[[ STORED DATA open ]]

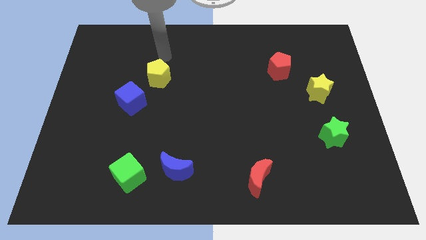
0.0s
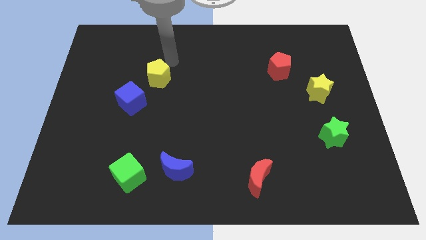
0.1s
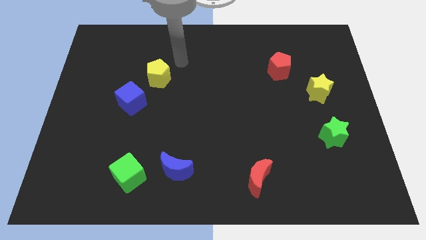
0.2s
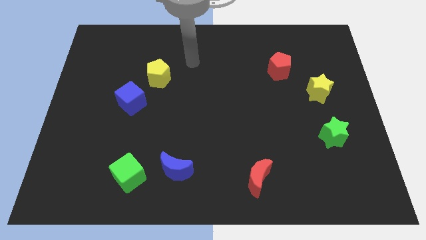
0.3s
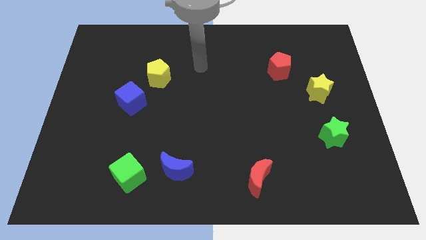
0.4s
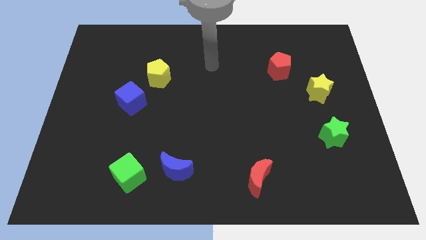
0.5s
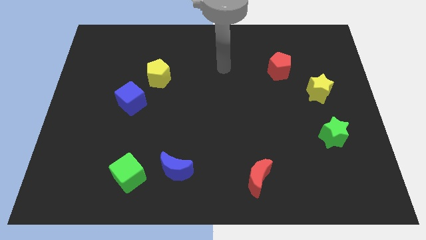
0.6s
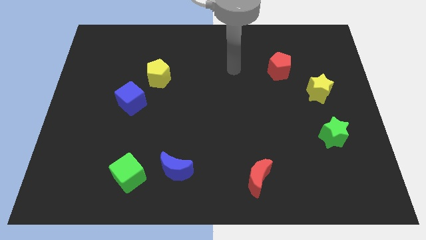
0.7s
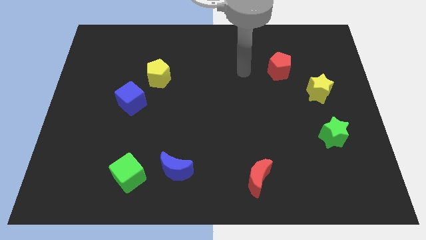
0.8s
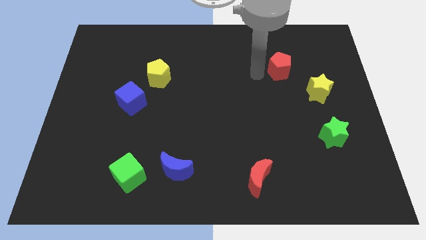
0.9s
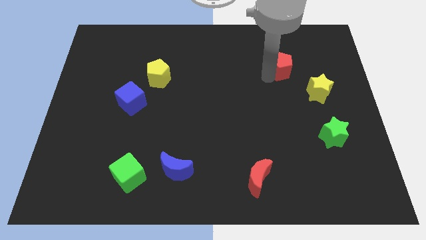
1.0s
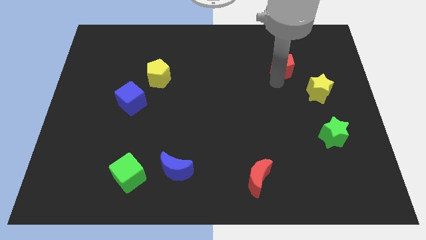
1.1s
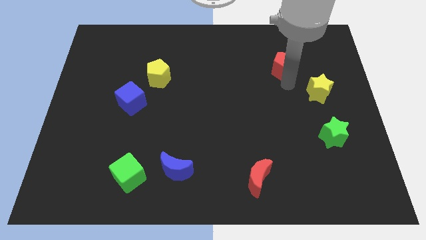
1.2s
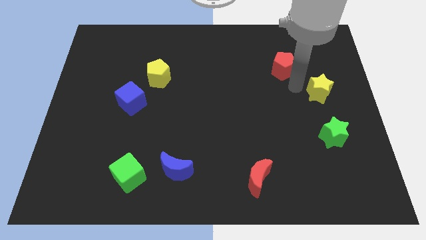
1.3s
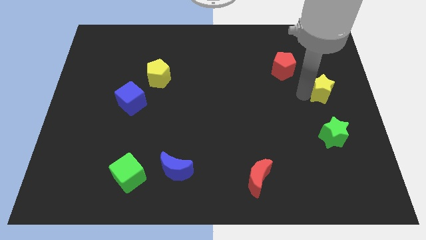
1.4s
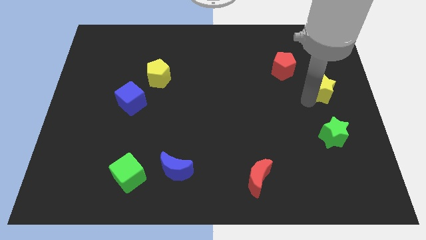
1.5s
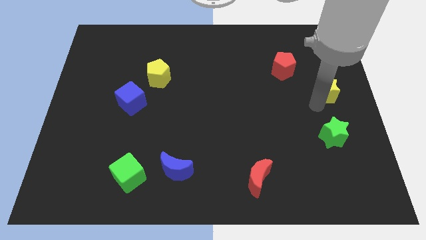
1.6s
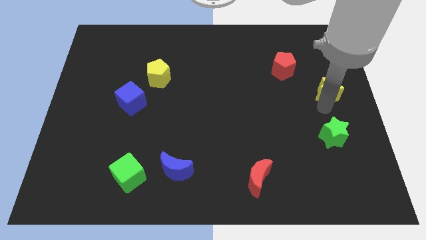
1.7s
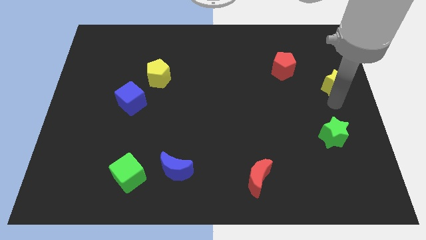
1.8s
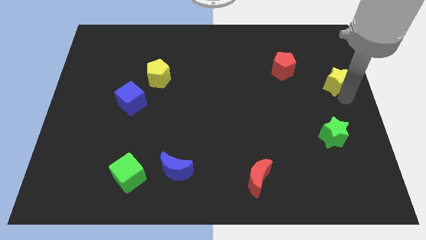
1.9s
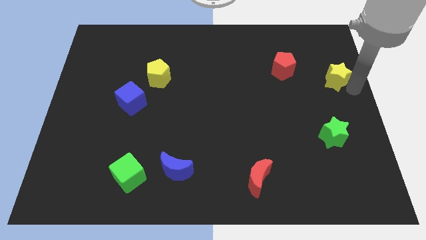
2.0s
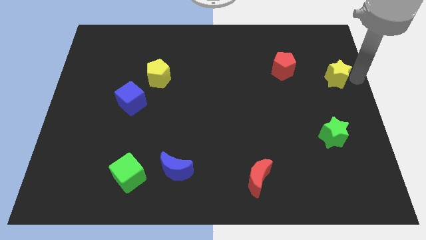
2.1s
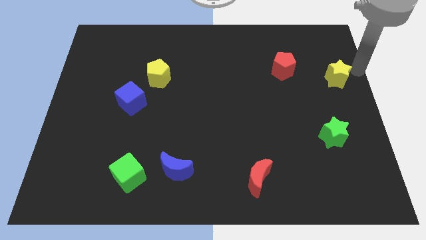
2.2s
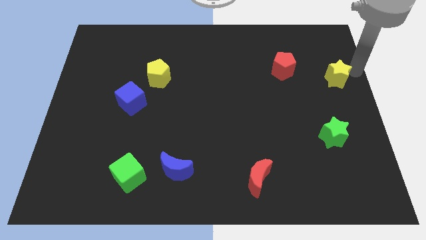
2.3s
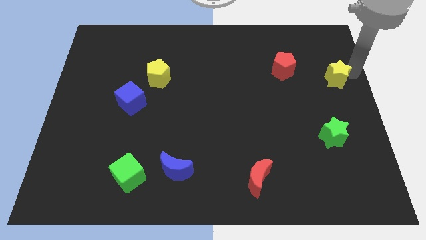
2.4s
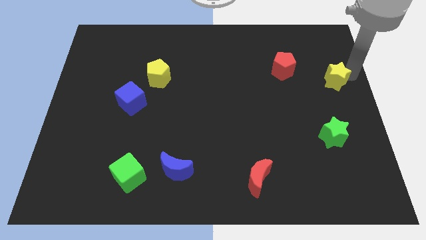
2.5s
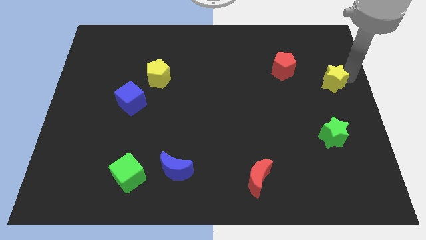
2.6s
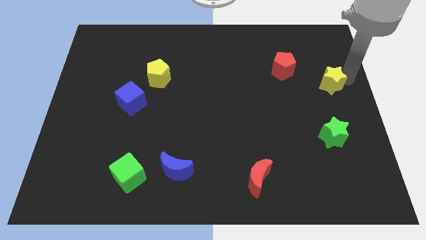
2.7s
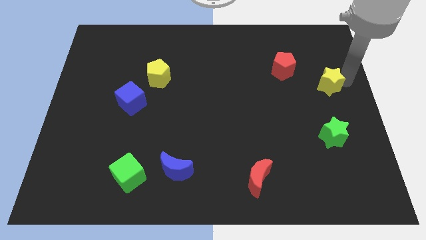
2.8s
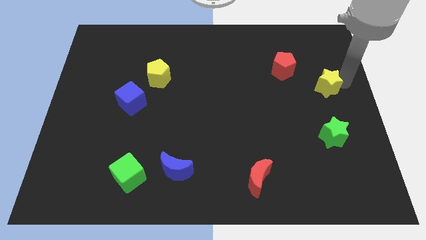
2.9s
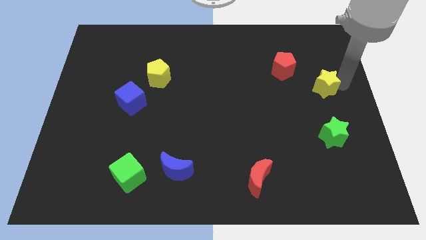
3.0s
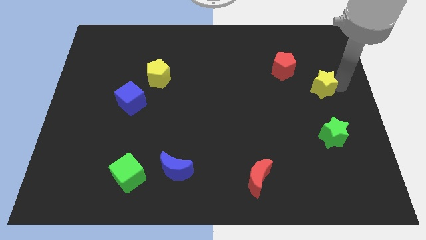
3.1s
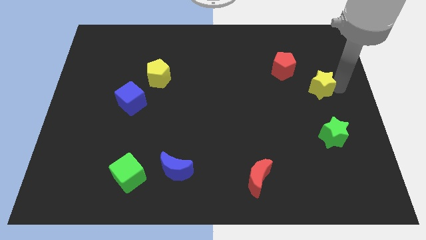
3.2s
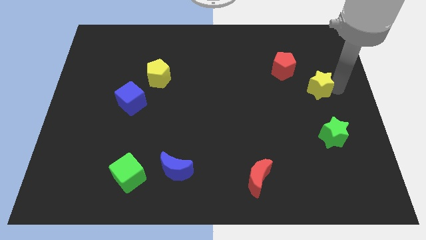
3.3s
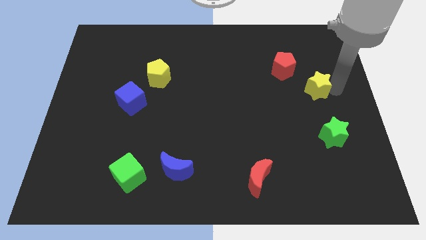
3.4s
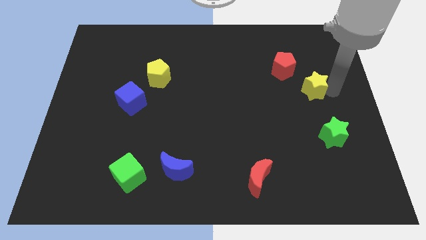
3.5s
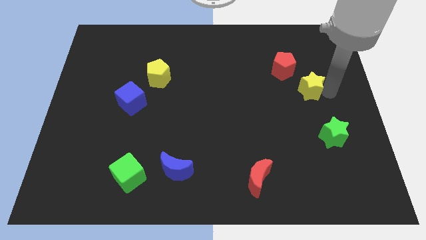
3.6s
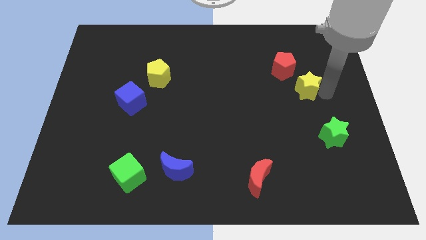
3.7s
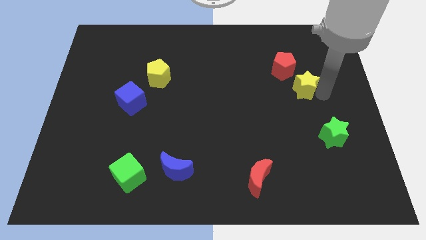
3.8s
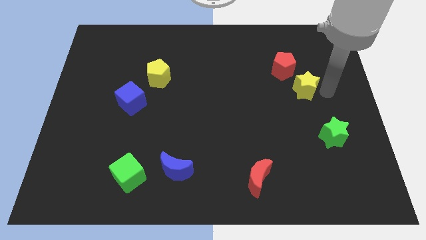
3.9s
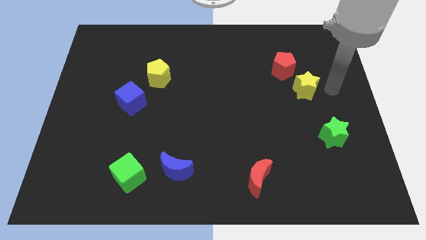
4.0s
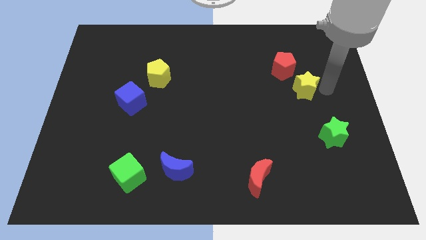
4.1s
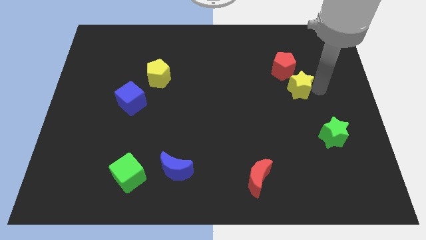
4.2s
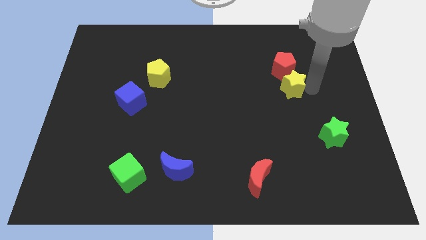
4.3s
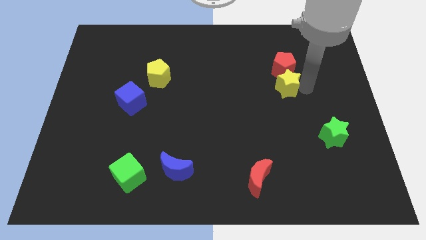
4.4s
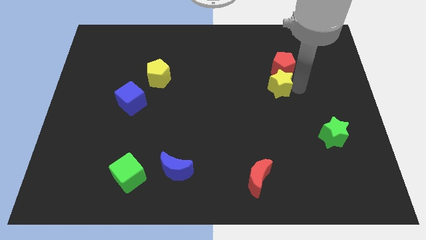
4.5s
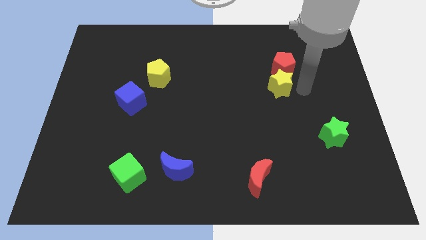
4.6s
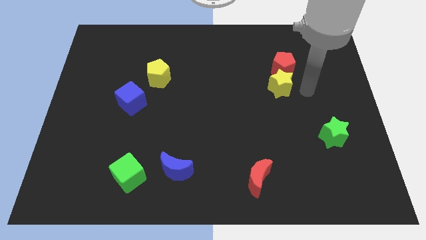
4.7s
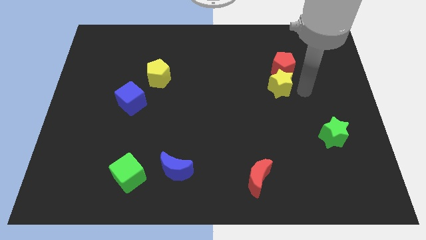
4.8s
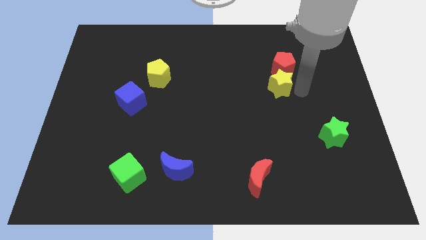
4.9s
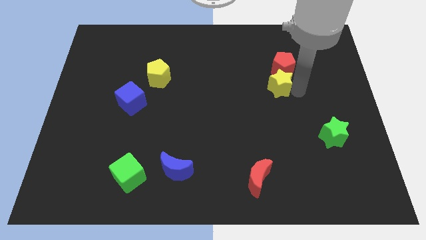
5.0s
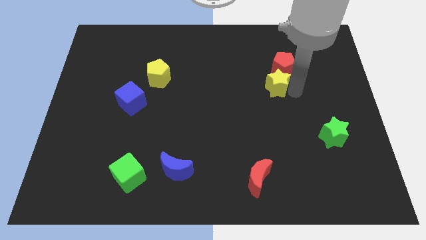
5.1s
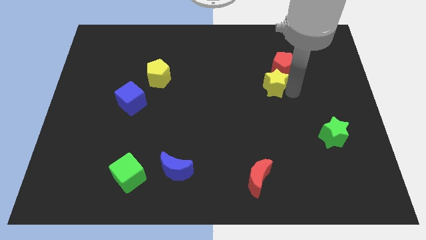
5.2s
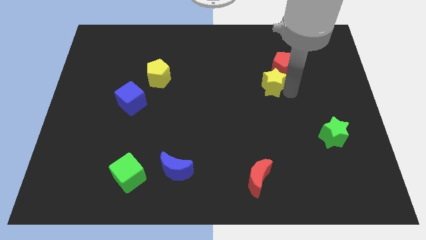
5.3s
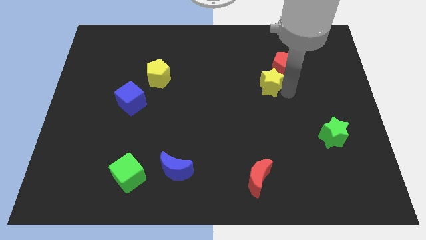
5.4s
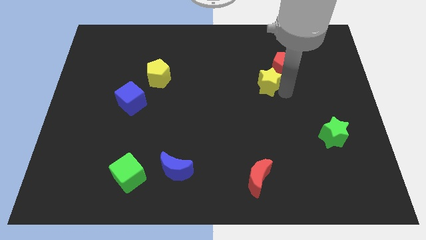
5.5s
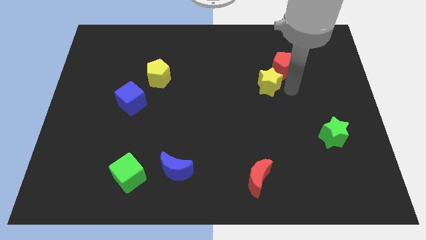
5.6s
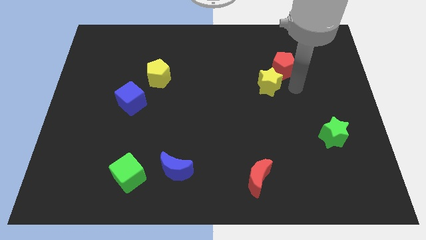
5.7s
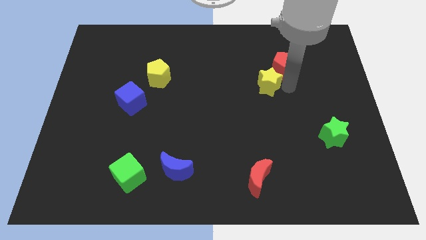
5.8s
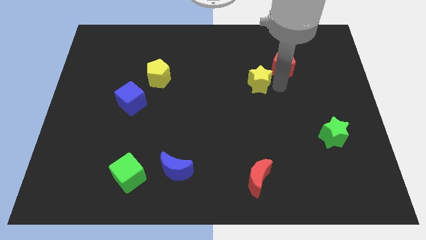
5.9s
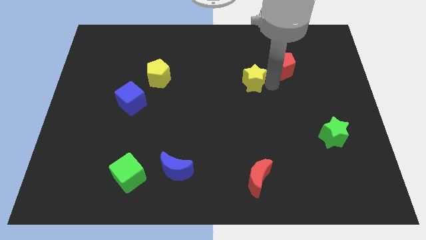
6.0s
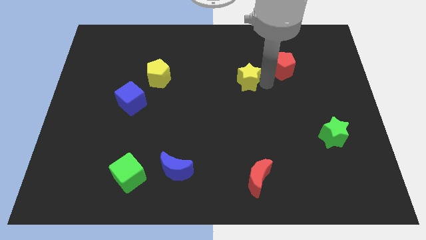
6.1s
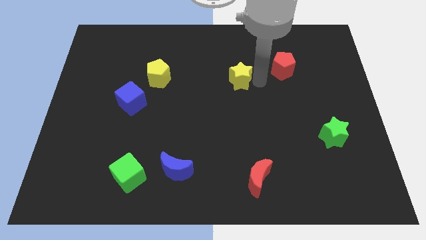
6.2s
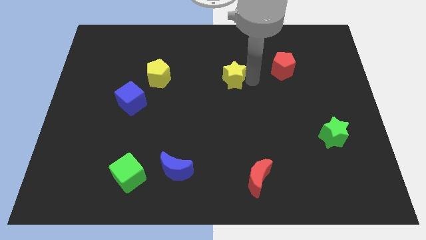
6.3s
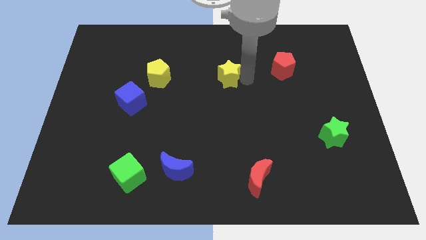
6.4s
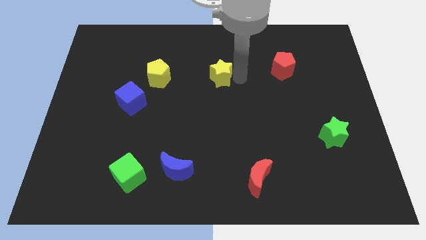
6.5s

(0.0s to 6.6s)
move the yellow star to the right of the yellow pentagon

[[ STORED DATA closed ]]

» WHAT YOU SHOULD DO
Pictures are not part of the copy. Restate everything else in the listing word for word.

» RESULT
0.0s
0.1s
0.2s
0.3s
0.4s
0.5s
0.6s
0.7s
0.8s
0.9s
1.0s
1.1s
1.2s
1.3s
1.4s
1.5s
1.6s
1.7s
1.8s
1.9s
2.0s
2.1s
2.2s
2.3s
2.4s
2.5s
2.6s
2.7s
2.8s
2.9s
3.0s
3.1s
3.2s
3.3s
3.4s
3.5s
3.6s
3.7s
3.8s
3.9s
4.0s
4.1s
4.2s
4.3s
4.4s
4.5s
4.6s
4.7s
4.8s
4.9s
5.0s
5.1s
5.2s
5.3s
5.4s
5.5s
5.6s
5.7s
5.8s
5.9s
6.0s
6.1s
6.2s
6.3s
6.4s
6.5s

(0.0s to 6.6s)
move the yellow star to the right of the yellow pentagon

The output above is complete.